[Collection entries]
········

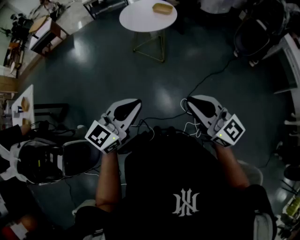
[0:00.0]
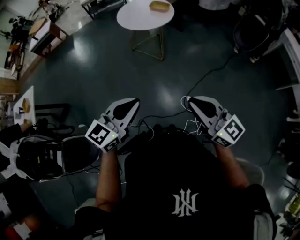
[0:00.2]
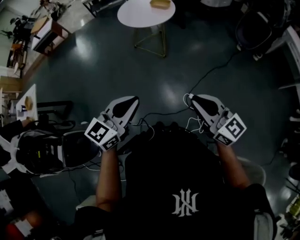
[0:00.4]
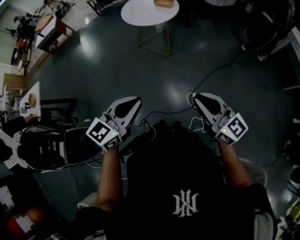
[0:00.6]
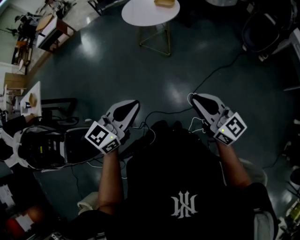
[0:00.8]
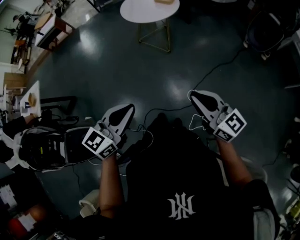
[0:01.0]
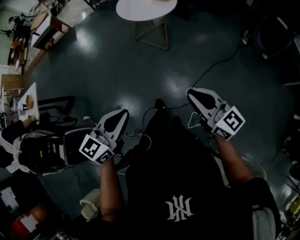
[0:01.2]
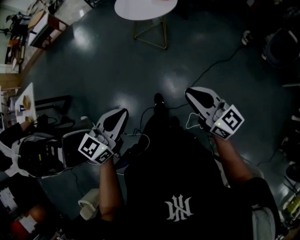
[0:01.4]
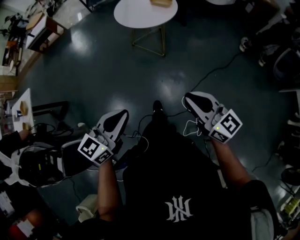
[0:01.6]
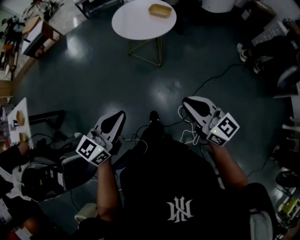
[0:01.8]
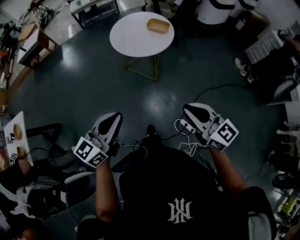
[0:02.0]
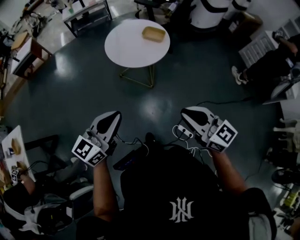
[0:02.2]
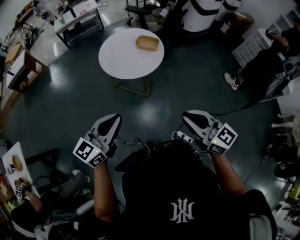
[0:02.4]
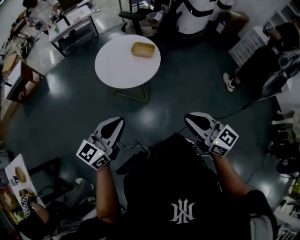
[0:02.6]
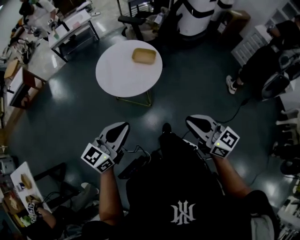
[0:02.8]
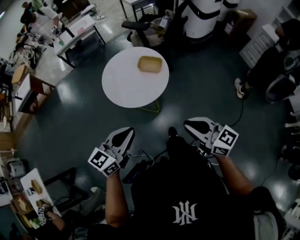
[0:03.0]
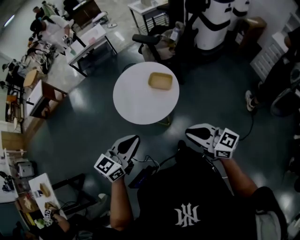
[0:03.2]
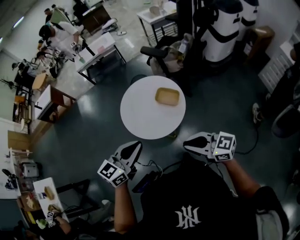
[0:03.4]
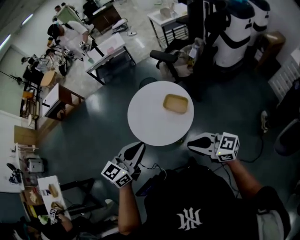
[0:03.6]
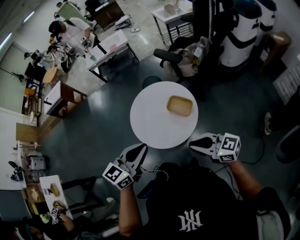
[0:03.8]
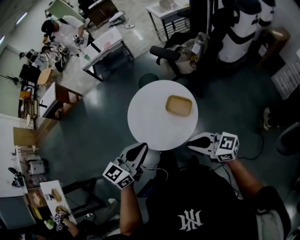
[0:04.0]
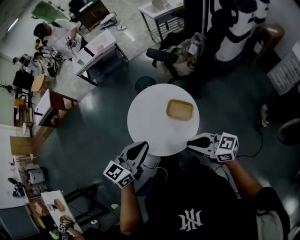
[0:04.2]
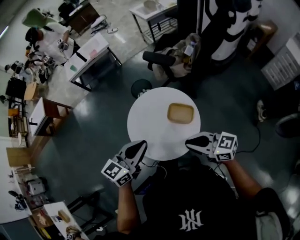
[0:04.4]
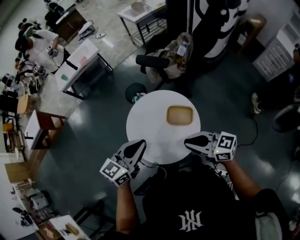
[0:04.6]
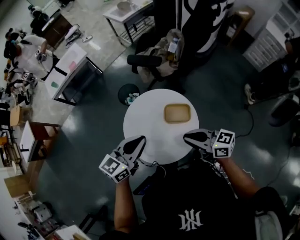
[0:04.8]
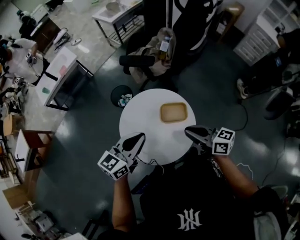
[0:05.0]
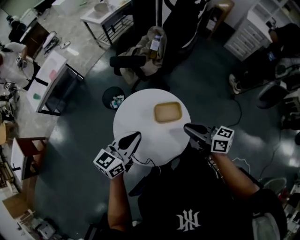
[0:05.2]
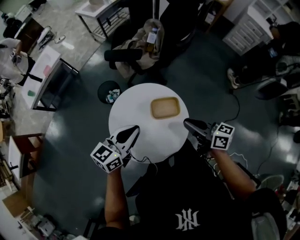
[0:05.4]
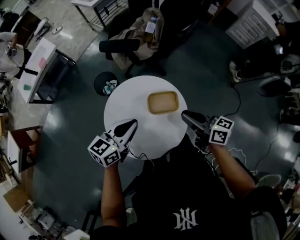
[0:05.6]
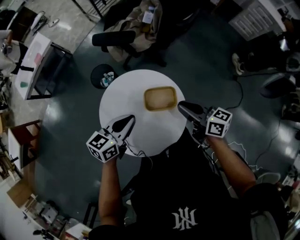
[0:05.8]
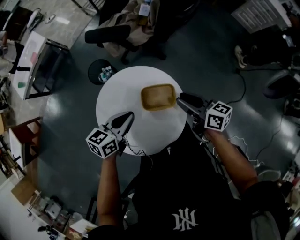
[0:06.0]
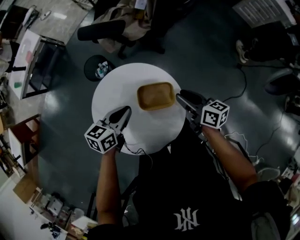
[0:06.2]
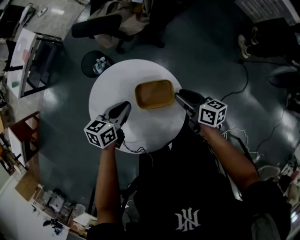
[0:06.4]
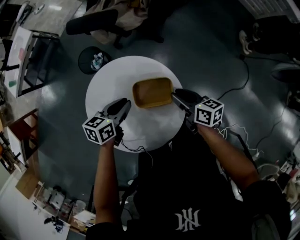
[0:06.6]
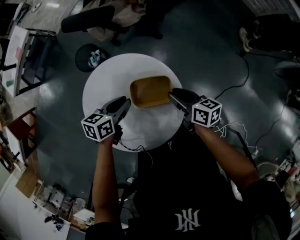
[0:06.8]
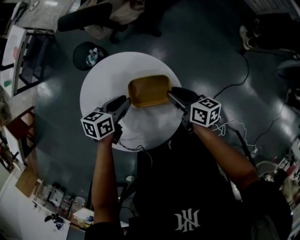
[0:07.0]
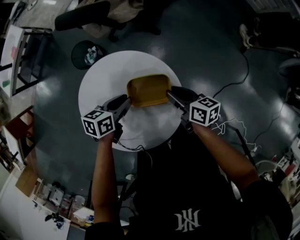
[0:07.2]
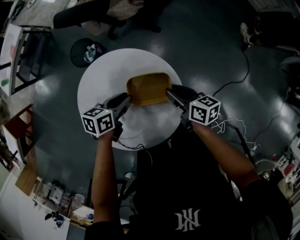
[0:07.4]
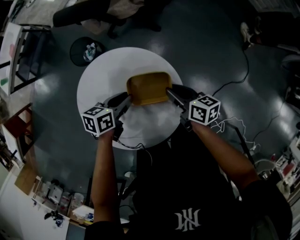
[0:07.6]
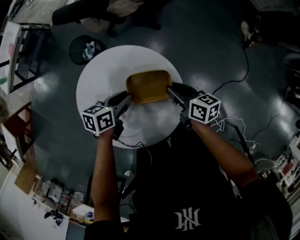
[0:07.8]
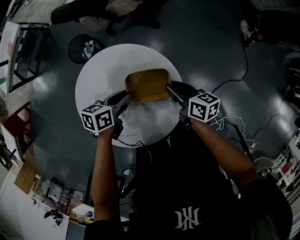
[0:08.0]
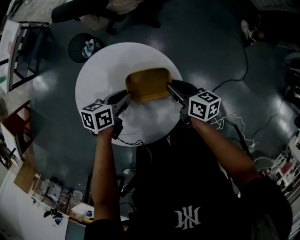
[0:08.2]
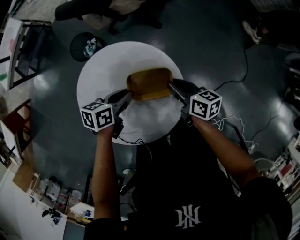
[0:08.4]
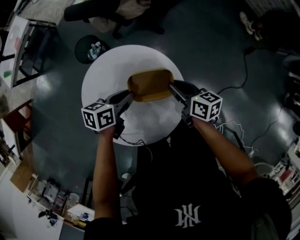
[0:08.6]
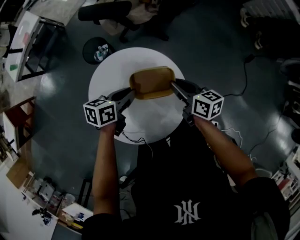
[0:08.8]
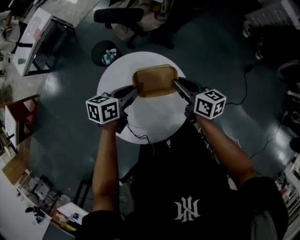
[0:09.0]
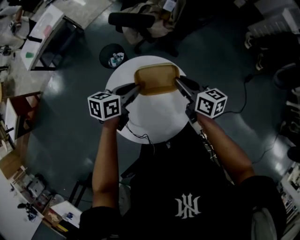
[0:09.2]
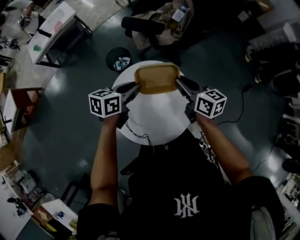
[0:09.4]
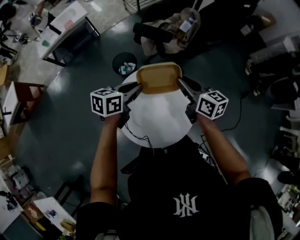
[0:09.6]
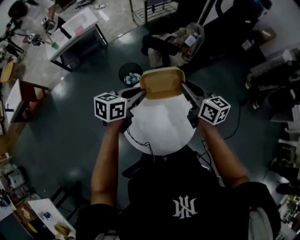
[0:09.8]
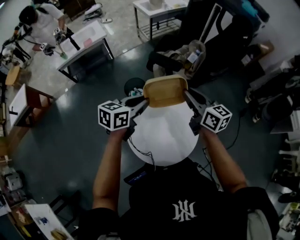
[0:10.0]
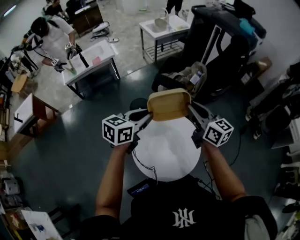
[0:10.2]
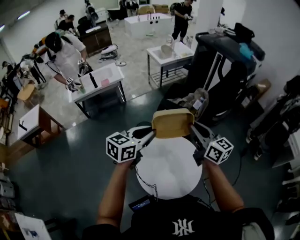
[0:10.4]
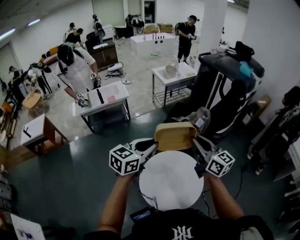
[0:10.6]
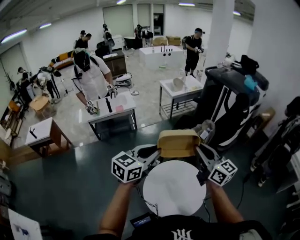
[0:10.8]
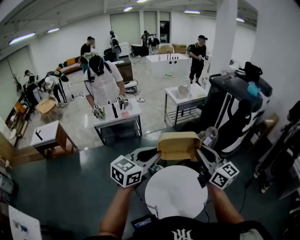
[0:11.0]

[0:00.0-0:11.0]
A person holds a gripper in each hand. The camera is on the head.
0:00.0 to 0:01.6: The left gripper goes backward and returns, some 5 cm each way, while the right gripper shifts approximately 10 cm downward and forward.
0:01.6 to 0:03.2: The pair of grippers is taken forward, approximately 40 cm.
0:03.2 to 0:04.8: The right gripper shifts by roughly 30 cm, and turns by about 20 degrees. Meanwhile the left gripper moves approximately 35 cm.
0:04.8 to 0:06.2: The right gripper moves downward, forward and to the right, some 25 cm, swivels some 40 degrees, and opens up; the left gripper heads downward and forward, covering some 25 cm, and rotates approximately 30 degrees.
0:06.2 to 0:07.8: The grippers both shift downward by roughly 10 cm. The left gripper rotates approximately 20 degrees.
0:07.8 to 0:09.4: The two grippers go roughly 20 cm upward and to the left. The right gripper rotates about 30 degrees, while the left gripper turns by some 20 degrees.
0:09.4 to 0:11.0: Both grippers travel together upward, approximately 35 cm. The left gripper changes its angle by about 50 degrees. Meanwhile the right gripper points its fingers roughly 30 degrees further upward.

········

◆ Task requirements ◆
Please reproduce, word for word, every line from the first line of the records above through the line containing "[0:00.0-0:11.0]", and leave out the pictures.

◆ Output of the exercise ◆
[0:00.0]
[0:00.2]
[0:00.4]
[0:00.6]
[0:00.8]
[0:01.0]
[0:01.2]
[0:01.4]
[0:01.6]
[0:01.8]
[0:02.0]
[0:02.2]
[0:02.4]
[0:02.6]
[0:02.8]
[0:03.0]
[0:03.2]
[0:03.4]
[0:03.6]
[0:03.8]
[0:04.0]
[0:04.2]
[0:04.4]
[0:04.6]
[0:04.8]
[0:05.0]
[0:05.2]
[0:05.4]
[0:05.6]
[0:05.8]
[0:06.0]
[0:06.2]
[0:06.4]
[0:06.6]
[0:06.8]
[0:07.0]
[0:07.2]
[0:07.4]
[0:07.6]
[0:07.8]
[0:08.0]
[0:08.2]
[0:08.4]
[0:08.6]
[0:08.8]
[0:09.0]
[0:09.2]
[0:09.4]
[0:09.6]
[0:09.8]
[0:10.0]
[0:10.2]
[0:10.4]
[0:10.6]
[0:10.8]
[0:11.0]

[0:00.0-0:11.0]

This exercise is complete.